Sorry, but your code is complete nonsense. The following code gives you an example. I have no access to a compiler at the moment, so there might be syntax errors and it is completely untested. Also, you gave no complete description of the things you want to do. e.g when to switch on the green LED or what the up and down variables are for.

And there might also be timing problems. In order not to miss a reed state change, you should avoid adding delays and slow serial print outs.

I'm pretty sure, I did your homework. So my advice is to learn programming and try to understand. Homework was not ( only ;-) ) invented to enjoy the teacher, they help you through tests. ;-)
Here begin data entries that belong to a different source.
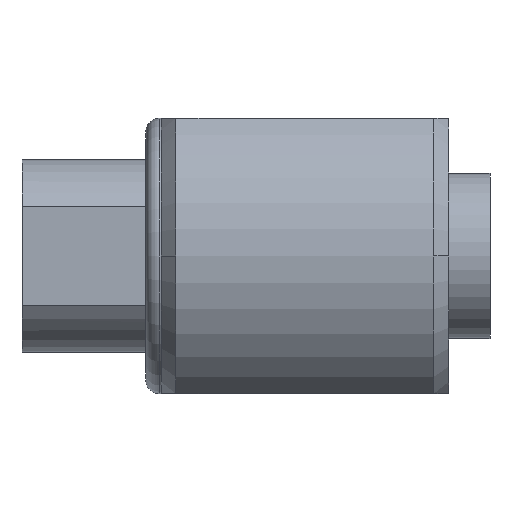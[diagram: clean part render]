
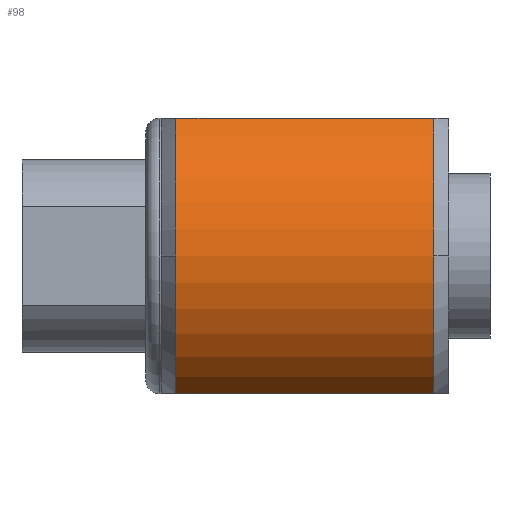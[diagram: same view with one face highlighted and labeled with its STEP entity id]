
A CAD part, front view. The second image highlights one B-rep face of the part: STEP entity #98.
In plain terms, the highlighted cylindrical face has radius 6 mm (diameter 12 mm), a partial arc.
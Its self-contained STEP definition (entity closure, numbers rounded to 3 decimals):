
#98=ADVANCED_FACE('',(#216),#217,.T.);
#216=FACE_OUTER_BOUND('',#363,.T.);
#217=CYLINDRICAL_SURFACE('',#364,6.0);
#363=EDGE_LOOP('',(#560,#561,#562,#563,#564,#565));
#364=AXIS2_PLACEMENT_3D('',#566,#567,#568);
#560=ORIENTED_EDGE('',*,*,#879,.T.);
#561=ORIENTED_EDGE('',*,*,#859,.T.);
#562=ORIENTED_EDGE('',*,*,#890,.T.);
#563=ORIENTED_EDGE('',*,*,#891,.T.);
#564=ORIENTED_EDGE('',*,*,#864,.T.);
#565=ORIENTED_EDGE('',*,*,#888,.T.);
#566=CARTESIAN_POINT('',(5.775,0.0,0.0));
#567=DIRECTION('',(1.0,0.0,0.0));
#568=DIRECTION('',(0.0,0.0,-1.0));
#859=EDGE_CURVE('',#1019,#1016,#1020,.T.);
#864=EDGE_CURVE('',#1028,#1025,#1029,.T.);
#879=EDGE_CURVE('',#1051,#1019,#1052,.T.);
#888=EDGE_CURVE('',#1025,#1051,#1062,.T.);
#890=EDGE_CURVE('',#1016,#1064,#1065,.T.);
#891=EDGE_CURVE('',#1064,#1028,#1066,.T.);
#1016=VERTEX_POINT('',#1245);
#1019=VERTEX_POINT('',#1249);
#1020=CIRCLE('',#1250,6.0);
#1025=VERTEX_POINT('',#1264);
#1028=VERTEX_POINT('',#1268);
#1029=CIRCLE('',#1269,6.0);
#1051=VERTEX_POINT('',#1313);
#1052=LINE('',#1314,#1315);
#1062=CIRCLE('',#1337,6.0);
#1064=VERTEX_POINT('',#1339);
#1065=CIRCLE('',#1340,6.0);
#1066=LINE('',#1341,#1342);
#1245=CARTESIAN_POINT('',(10.459,-6.0,0.));
#1249=CARTESIAN_POINT('',(10.459,-3.317,-5.0));
#1250=AXIS2_PLACEMENT_3D('',#1541,#1542,#1543);
#1264=CARTESIAN_POINT('',(1.091,-6.0,0.));
#1268=CARTESIAN_POINT('',(1.091,-3.317,5.0));
#1269=AXIS2_PLACEMENT_3D('',#1548,#1549,#1550);
#1313=CARTESIAN_POINT('',(1.091,-3.317,-5.0));
#1314=CARTESIAN_POINT('',(5.775,-3.317,-5.0));
#1315=VECTOR('',#1570,1.0);
#1337=AXIS2_PLACEMENT_3D('',#1580,#1581,#1582);
#1339=CARTESIAN_POINT('',(10.459,-3.317,5.0));
#1340=AXIS2_PLACEMENT_3D('',#1583,#1584,#1585);
#1341=CARTESIAN_POINT('',(5.775,-3.317,5.0));
#1342=VECTOR('',#1586,1.0);
#1541=CARTESIAN_POINT('',(10.459,0.0,0.0));
#1542=DIRECTION('',(-1.0,0.0,0.));
#1543=DIRECTION('',(0.,0.0,-1.0));
#1548=CARTESIAN_POINT('',(1.091,0.0,0.0));
#1549=DIRECTION('',(1.0,0.0,0.));
#1550=DIRECTION('',(0.,0.0,-1.0));
#1570=DIRECTION('',(1.0,0.0,0.0));
#1580=CARTESIAN_POINT('',(1.091,0.0,0.0));
#1581=DIRECTION('',(1.0,0.0,0.));
#1582=DIRECTION('',(0.,0.0,-1.0));
#1583=CARTESIAN_POINT('',(10.459,0.0,0.0));
#1584=DIRECTION('',(-1.0,0.0,0.));
#1585=DIRECTION('',(0.,0.0,-1.0));
#1586=DIRECTION('',(-1.0,-0.0,0.0));
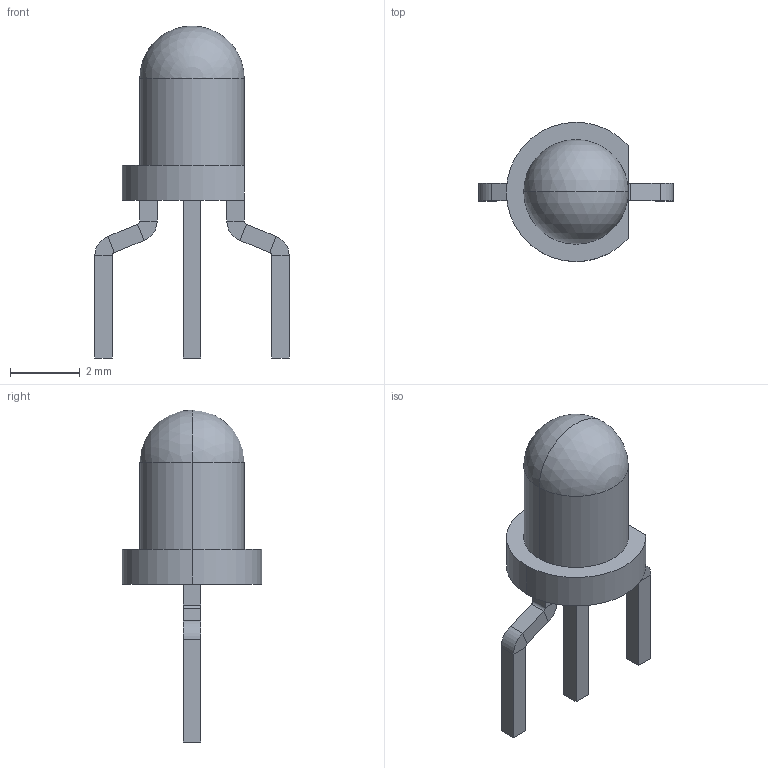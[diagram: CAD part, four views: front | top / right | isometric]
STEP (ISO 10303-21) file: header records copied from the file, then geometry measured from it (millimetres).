
FILE_DESCRIPTION (( 'STEP AP214' ), '1' );
FILE_NAME ('RG LED CA.STEP', '2016-07-28T17:22:30', ( 'Somphop' ), ( '' ), 'SwSTEP 2.0', 'SolidWorks 2012', '' );
FILE_SCHEMA (( 'AUTOMOTIVE_DESIGN' ));
Length unit declared in the file: millimetre
Products named in the file (1): RG LED CA
Bounding box: 5.58 x 4 x 9.53 mm (x, y, z)
Volume: 40.2 mm3; surface area: 98 mm2
Topology: 4 solids, 4 shells, 59 faces, 122 edges, 69 vertices
Faces by surface type: plane 45, cylinder 12, sphere 2
Entity records: 2188 total; most frequent: DIRECTION 264, CARTESIAN_POINT 245, ORIENTED_EDGE 236, EDGE_CURVE 118, LINE 92, VECTOR 92, AXIS2_PLACEMENT_3D 86, VERTEX_POINT 67
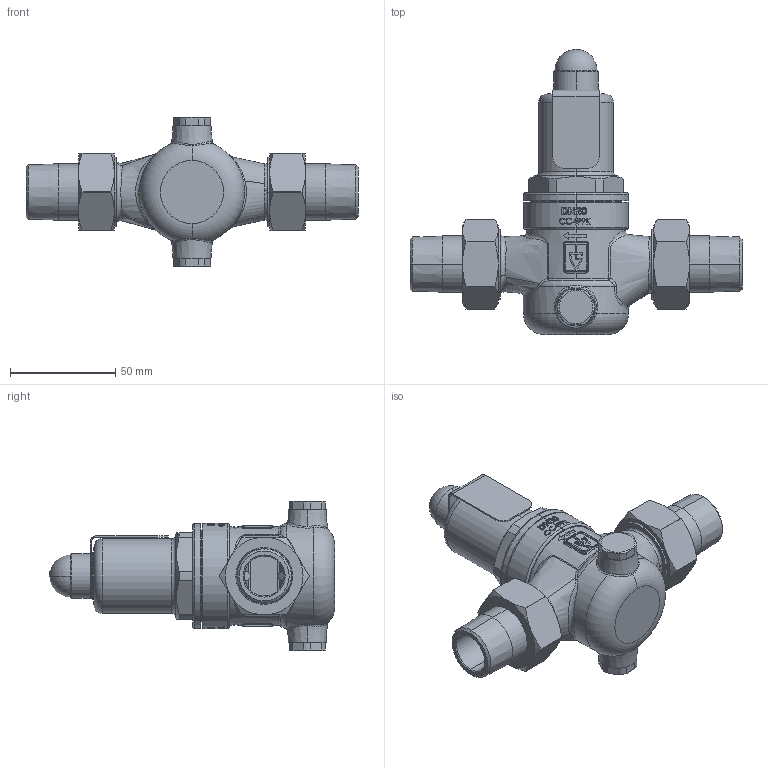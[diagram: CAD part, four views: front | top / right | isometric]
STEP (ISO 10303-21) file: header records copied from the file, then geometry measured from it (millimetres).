
FILE_DESCRIPTION (( 'STEP AP214' ), '1' );
FILE_NAME ('630mGFO-20 Dummy.STEP', '2012-02-23T13:16:06', ( 'Blankenhorn' ), ( '' ), 'SwSTEP 2.0', 'SolidWorks 2011', '' );
FILE_SCHEMA (( 'AUTOMOTIVE_DESIGN' ));
Length unit declared in the file: millimetre
Products named in the file (1): 630mGFO-20 Dummy
Bounding box: 158 x 135.7 x 71 mm (x, y, z)
Volume: 131146.7 mm3; surface area: 79499.7 mm2
Topology: 15 solids, 17 shells, 967 faces, 2455 edges, 1571 vertices
Faces by surface type: plane 351, cylinder 255, bspline 184, cone 113, torus 52, sphere 12
Entity records: 54970 total; most frequent: CARTESIAN_POINT 22245, ORIENTED_EDGE 4896, DIRECTION 4113, EDGE_CURVE 2448, AXIS2_PLACEMENT_3D 1571, VERTEX_POINT 1568, EDGE_LOOP 1048, UNCERTAINTY_MEASURE_WITH_UNIT 984
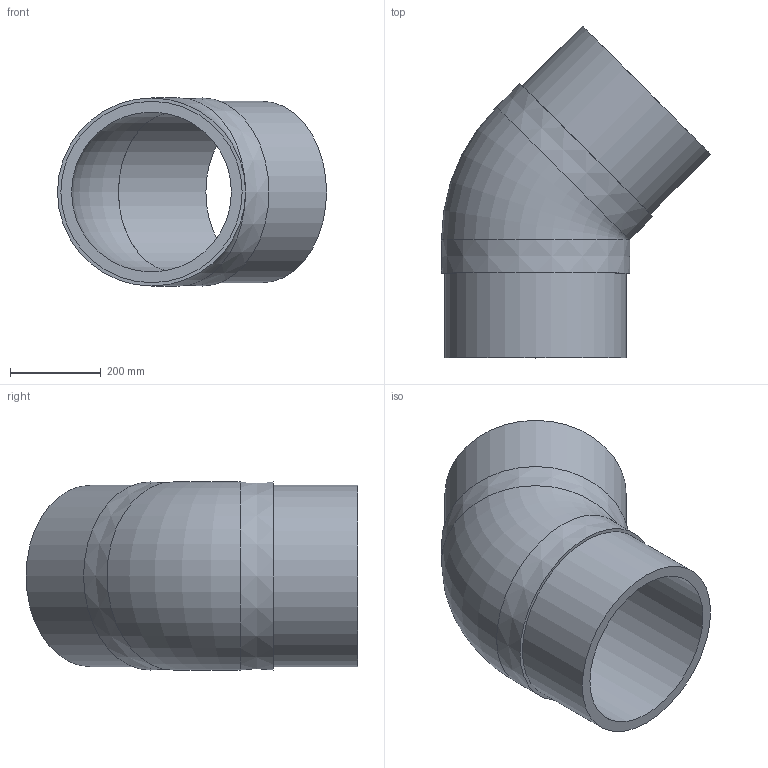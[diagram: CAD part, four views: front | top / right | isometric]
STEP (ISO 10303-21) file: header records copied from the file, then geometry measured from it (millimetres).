
FILE_DESCRIPTION(('Beschreibung'),'1');
FILE_NAME('25.15.01.063_SDR17_PE100_400.STP', '2014-09-15T06:12:11',('Author'), ('Organization'), 'KCM Version 1.1.794.0', 'Kubotek KeyCreator', 'Authorization');
FILE_SCHEMA(('CONFIG_CONTROL_DESIGN'));
Length unit declared in the file: millimetre
Bounding box: 593.58 x 732.08 x 415 mm (x, y, z)
Volume: 21972798.6 mm3; surface area: 1706545.4 mm2
Topology: 1 solids, 1 shells, 17 faces, 60 edges, 67 vertices
Faces by surface type: plane 6, cylinder 5, cone 3, torus 2, bspline 1
Full cylindrical faces by diameter (mm): 352.4 x1, 352.6 x2, 400 x2
Entity records: 676 total; most frequent: CARTESIAN_POINT 116, DIRECTION 108, ORIENTED_EDGE 78, AXIS2_PLACEMENT_3D 40, EDGE_CURVE 39, VERTEX_POINT 28, VECTOR 28, LINE 28

Your problem is similar to the decoding of a rotary encoder, so information about this subject might help you also.

const int REED_PIN1 = 2; 
const int REED_PIN2 = 3; 

// LED pins - active-high 
const int RED    =  9; 
const int GREEN  = 10;
const int YELLOW = 11;

int fixedState1 = HIGH; 
int fixedState2 = HIGH; 

void setup() 
{ 
   // If the pin reads low, the switch is closed.
   pinMode(REED_PIN1, INPUT_PULLUP); 
   pinMode(REED_PIN2, INPUT_PULLUP);

   pinMode(RED, OUTPUT); 
   pinMode(GREEN, OUTPUT); 
   pinMode(YELLOW, OUTPUT);

   digitalWrite(RED, LOW);
   digitalWrite(GREEN, HIGH);
   digitalWrite(YELLOW, LOW);
}

void loop() 
{ 
  // AS LONG AS BOTH SWITCHES ARE ON AT THE SAME TIME,
  // THE PROGRAM FLIPS OUT ;-)
  int reedState1 = digitalRead( REED_PIN1 ); 
  int reedState2 = digitalRead( REED_PIN2 ); 

  if ( readState1 == LOW && fixedState1 == HIGH )  
  {
    if ( fixedState2 == LOW )
    {
      digitalWrite( RED,    HIGH );
      digitalWrite( YELLOW, LOW  );
      digitalWrite( GREEN,  LOW  );

      fixedState2 = HIGH; 
    }
    else
    {
      // setting the green LED is just a guess 
      digitalWrite( RED,    LOW  );
      digitalWrite( YELLOW, LOW  );
      digitalWrite( GREEN,  HIGH );

      fixedState1 = LOW; 
    }
  }

  if ( readState2 == LOW && fixedState2 == HIGH ) 
  {
    if ( fixedState1 == LOW )
    {
      digitalWrite( RED,    LOW  );
      digitalWrite( YELLOW, HIGH );
      digitalWrite( GREEN,  LOW  );

      fixedState1 = HIGH; 
    }
    else
    {
      // setting the green LED is just a guess 
      digitalWrite( RED,    LOW  );
      digitalWrite( YELLOW, LOW  );
      digitalWrite( GREEN,  HIGH );

      fixedState2 = LOW; 
    }
  }
}
0

Your code is so badly formatted it makes it very difficult to follow.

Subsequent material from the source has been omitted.